Por outro lado, quem vive corretamente essa vocação conhece o sabor da decepção, do medo e da perseguição por seus dons. Ninguém quer dar um mau vaticínio, mas em certas épocas isso é o feijão-com-arroz de quem vive esse sacerdócio. Não são pessoas que procuram quem quer que seja por causa desse dom, pois não precisam provar seu valor; antes disso, muitos tendem a evitar contato, pois temem ser amados apenas por causa de sua visão. Nos Oráculos sibilinos – texto helenístico composto de vários fragmentos de oráculos feitos por sibilas mediterrânicas e que possuem interpolações judaicas e cristãs com fins de propaganda política – há uma passagem exemplar onde uma sibila reclama copiosamente de seu dom, sugerindo que este sentimento era comum a todas elas. Eu creio que esse sentimento é inerente ao dom.

Uma Cassandra (pode ser um homem, claro; nada relacionado a pessoas com este nome), pelo contrário, não entende o peso deste fardo. Só vê apenas como todos dariam atenção a se ele ou ela fizesse prognósticos exatos. O método não é importante. Muitos são apenas imaturos e eventualmente isso pode ser uma fase. O problema reside quando essa fase nunca é superada e passa a ser tomada como parte essencial deste processo. Quer dizer, o problema reside quando a pessoa em questão não foi capaz de superar sua necessidade pelos holofotes.

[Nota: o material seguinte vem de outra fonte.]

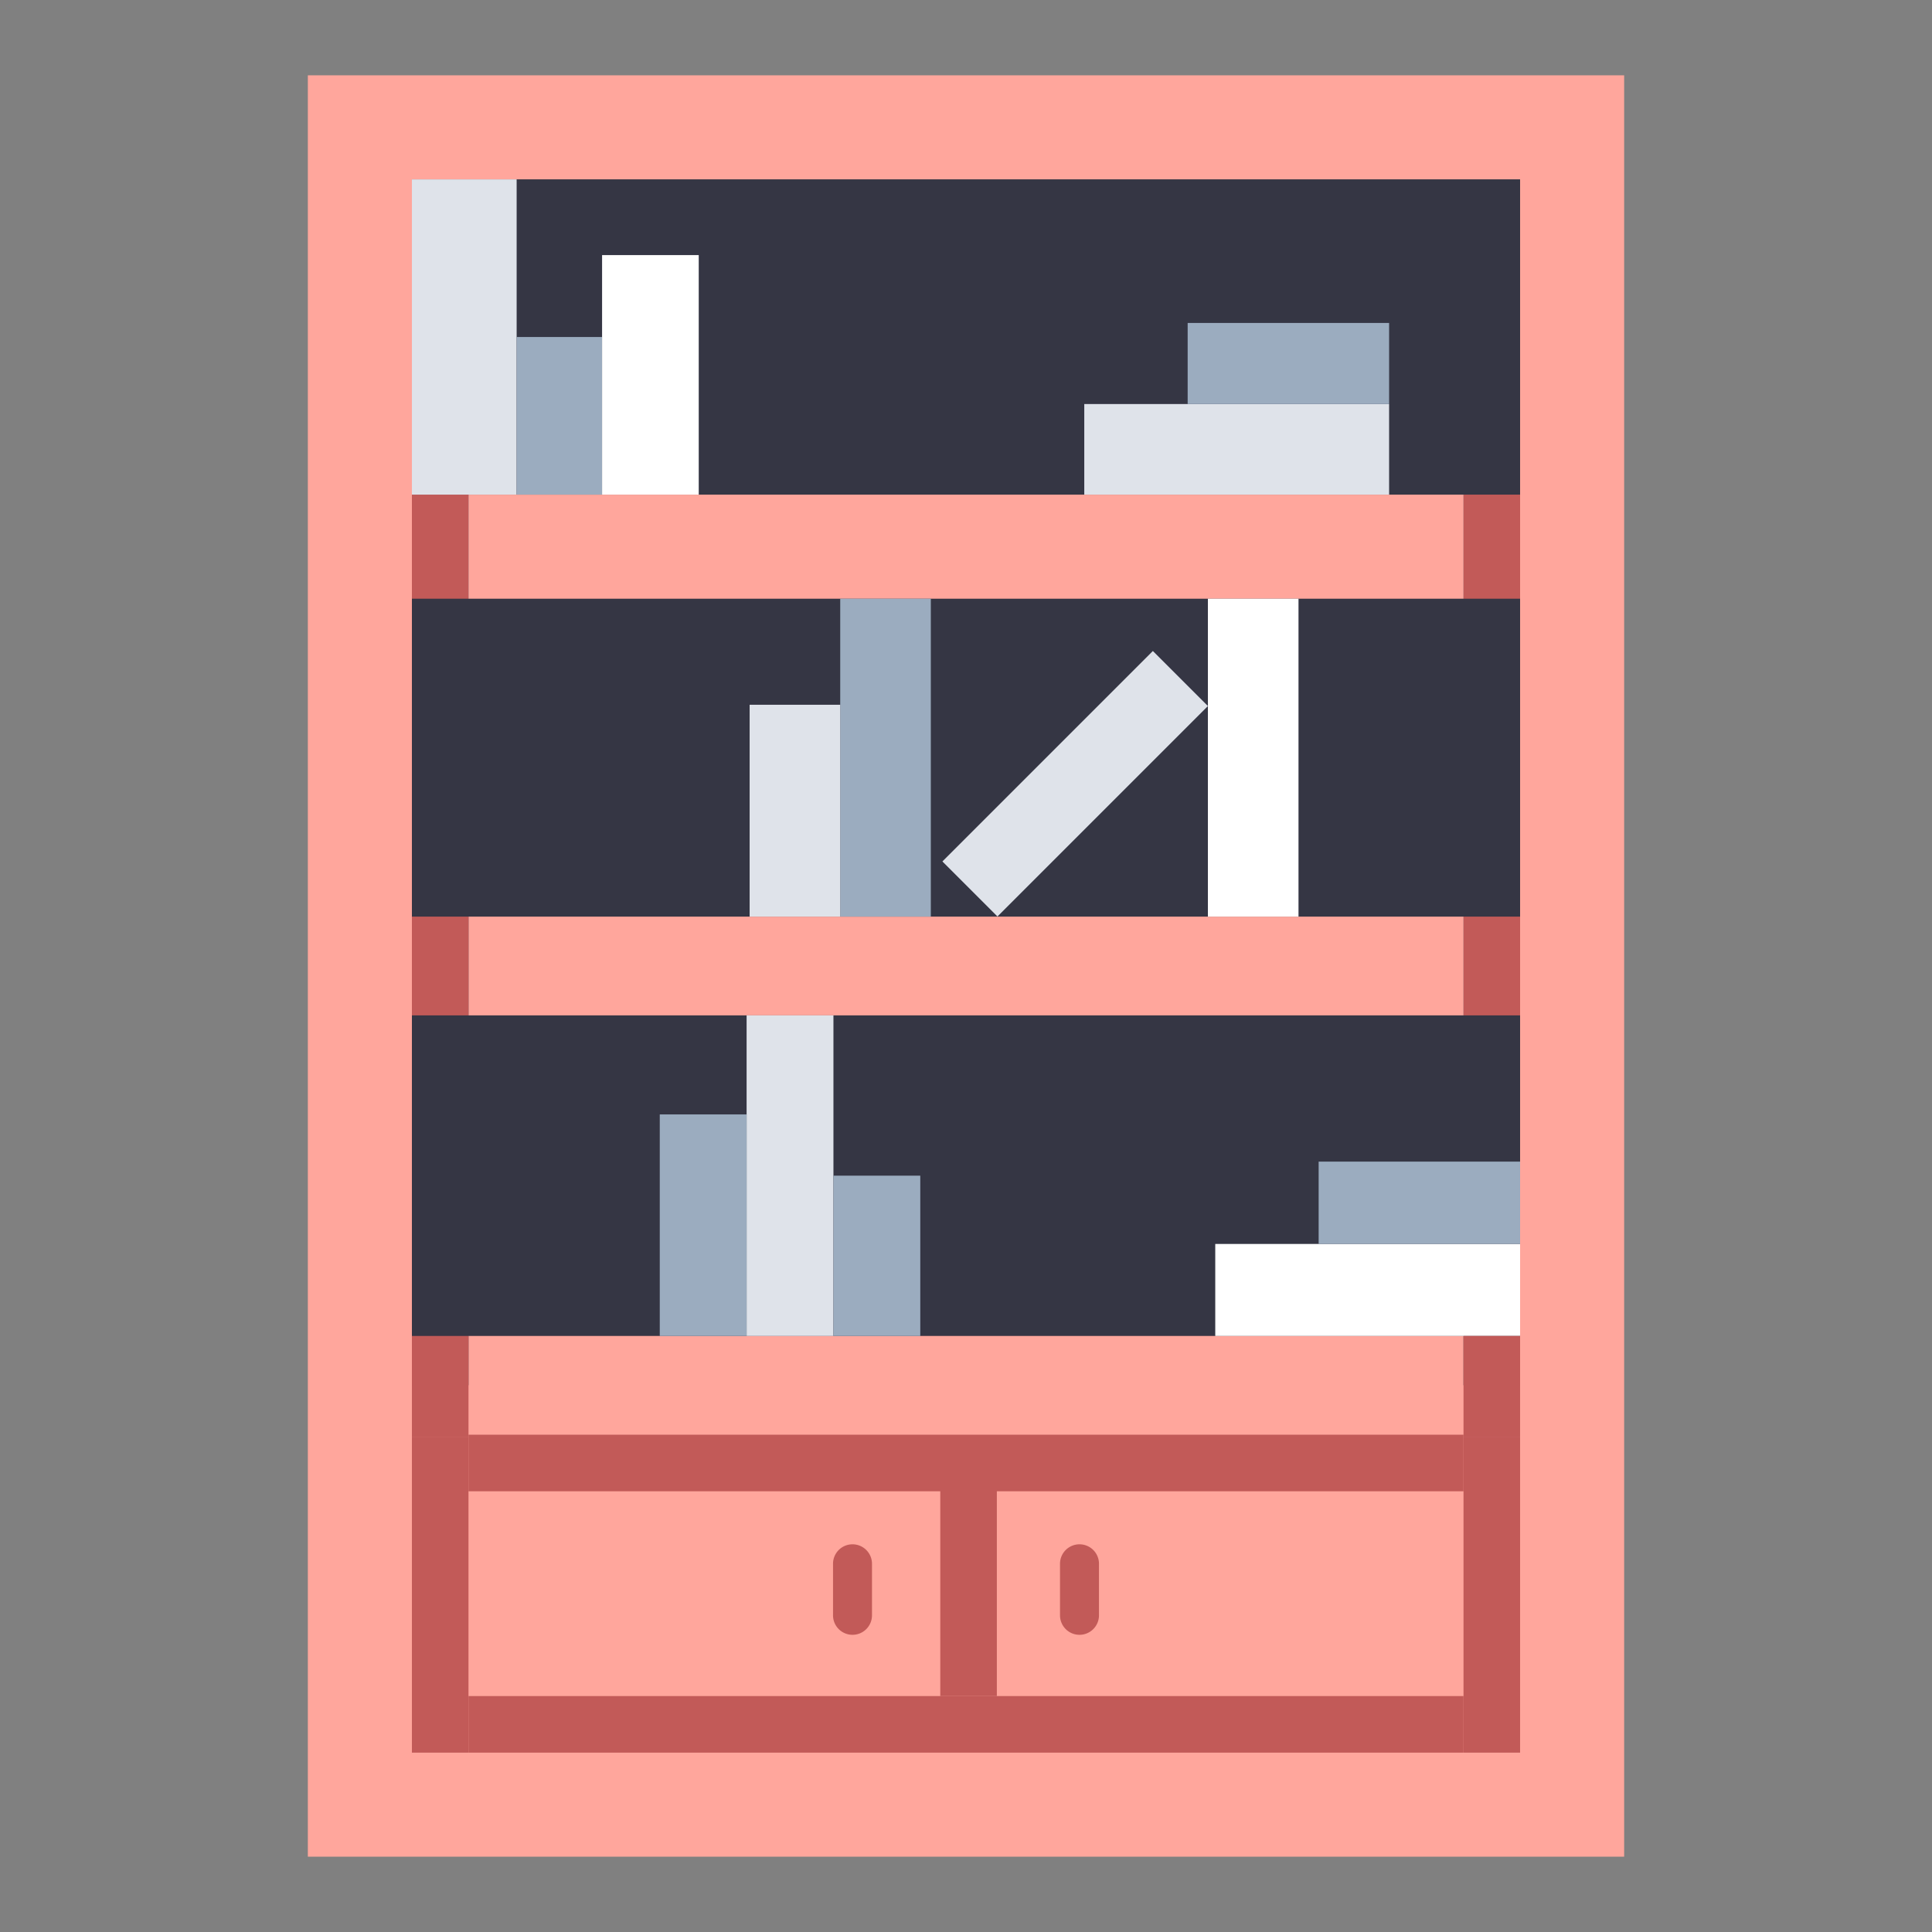 <svg xmlns="http://www.w3.org/2000/svg" id="flat" viewBox="0 0 340 340"><rect x="0" y="0" width="340" height="340" fill="#808080" stroke="none"/><title>12_bookshelf</title><rect x="64.838" y="23.105" width="211.223" height="220.69" style="fill:#353644"></rect><rect x="257.555" y="161.311" width="9.956" height="17.378" style="fill:#c25a58"></rect><rect x="72.489" y="87.048" width="9.956" height="18.313" style="fill:#c25a58"></rect><rect x="257.555" y="87.048" width="9.956" height="18.313" style="fill:#c25a58"></rect><rect x="64.838" y="243.795" width="211.223" height="71.963" style="fill:#ffa69c"></rect><rect x="160.844" y="8.649" width="18.313" height="175.11" transform="translate(266.205 -73.795) rotate(90)" style="fill:#ffa69c"></rect><rect x="161.311" y="82.445" width="17.378" height="175.11" transform="translate(340 0) rotate(90)" style="fill:#ffa69c"></rect><rect x="161.311" y="156.24" width="17.378" height="175.11" transform="translate(413.795 73.795) rotate(90)" style="fill:#ffa69c"></rect><rect x="72.489" y="161.311" width="9.956" height="17.378" style="fill:#c25a58"></rect><path d="M54.175,13.253V326.747h231.65V13.253ZM267.511,308.434H72.489V31.565H267.511Z" style="fill:#ffa69c"></path><rect x="72.489" y="31.565" width="18.431" height="55.483" style="fill:#dfe3ea"></rect><rect x="147.866" y="105.361" width="15.944" height="55.95" style="fill:#9bacbf"></rect><rect x="182.36" y="111.737" width="13.699" height="52.378" transform="translate(152.947 -93.393) rotate(45)" style="fill:#dfe3ea"></rect><rect x="212.571" y="105.361" width="15.944" height="55.95" style="fill:#fff"></rect><rect x="209.665" y="52.253" width="15.944" height="53.646" transform="translate(138.561 296.713) rotate(-90)" style="fill:#dfe3ea"></rect><rect x="219.6" y="46.244" width="14.269" height="35.451" transform="translate(162.765 290.704) rotate(-90)" style="fill:#9bacbf"></rect><rect x="213.865" y="218.915" width="53.646" height="16.191" style="fill:#fff"></rect><rect x="242.541" y="193.945" width="14.49" height="35.451" transform="translate(38.115 461.456) rotate(-90)" style="fill:#9bacbf"></rect><rect x="131.922" y="124.026" width="15.944" height="37.285" style="fill:#dfe3ea"></rect><rect x="90.92" y="59.307" width="15.037" height="27.741" transform="translate(196.877 146.355) rotate(180)" style="fill:#9bacbf"></rect><rect x="105.957" y="44.893" width="17.009" height="42.156" style="fill:#fff"></rect><rect x="131.39" y="178.689" width="15.282" height="56.418" style="fill:#dfe3ea"></rect><rect x="146.672" y="206.898" width="15.282" height="28.209" style="fill:#9bacbf"></rect><rect x="116.108" y="196.119" width="15.282" height="38.987" style="fill:#9bacbf"></rect><path d="M150.027,287.7a3.429,3.429,0,0,1-3.429-3.429V275.2a3.429,3.429,0,1,1,6.858,0v9.069A3.429,3.429,0,0,1,150.027,287.7Z" style="fill:#c25a58"></path><path d="M189.973,287.7a3.429,3.429,0,0,1-3.429-3.429V275.2a3.429,3.429,0,1,1,6.858,0v9.069A3.429,3.429,0,0,1,189.973,287.7Z" style="fill:#c25a58"></path><rect x="49.726" y="275.715" width="55.483" height="9.956" transform="translate(358.16 203.226) rotate(90)" style="fill:#c25a58"></rect><rect x="72.489" y="235.106" width="9.956" height="17.845" style="fill:#c25a58"></rect><rect x="257.555" y="235.106" width="9.956" height="17.845" style="fill:#c25a58"></rect><rect x="234.792" y="275.715" width="55.483" height="9.956" transform="translate(543.226 18.16) rotate(90)" style="fill:#c25a58"></rect><rect x="149.569" y="272.62" width="41.761" height="9.956" transform="translate(448.048 107.149) rotate(90)" style="fill:#c25a58"></rect><rect x="82.445" y="298.478" width="175.11" height="9.956" style="fill:#c25a58"></rect><rect x="82.445" y="252.484" width="175.11" height="9.956" style="fill:#c25a58"></rect></svg>

Por vezes, essa superação surge quando uma profecia ruim se concretiza. Outras vezes, quando o autoconhecimento supera a necessidade pela atenção de outras pessoas. Mas em alguns casos, isso pode chegar a os extremos de dependência psicológica e aí é que reside o perigo. A chave de entendimento deste problema é perceber que só necessitamos de um oráculo quando pedimos. Uma Cassandra (repito, pode ser um homem), vai oferecer sua previsão mesmo que não seja pedido.

Como evitar esse tipo de problema? De um modo geral, Cassandras não são pessoas más. Apenas estão mal direcionadas e carentes de afeto. O perigo reside no fato de que por vezes um dom verdadeiro pode surgir em meio a toda essa carência e informação desnecessária e aleatória pode surgir causando mais estrago do que bem. Não os evite, mas evite alimentar seu vício. Se a Cassandra em questão joga muito bem tarô, não se consulte com essa pessoa, por mais que seja excelente sua leitura (e costuma ser). Se é um sonhador(a) ou um(a) excelente interpretador(a) de sonhos, não conte seus sonhos pra ele(a). Se vier contar um sonho, desconverse. E eduque, se você estiver em posição para isso, ou reze sinceramente para os Deuses para que essa fase acabe.

E por outro lado, se você conhece alguém que tem o dom e sabe como usá-lo, não torne a vida dessa pessoa um inferno com perguntas tolas. Muitos já têm muito com o que lidar, quer seja uma vida com seus próprios problemas, seja seus demônios interiores, surgidos das duras lides com o dom.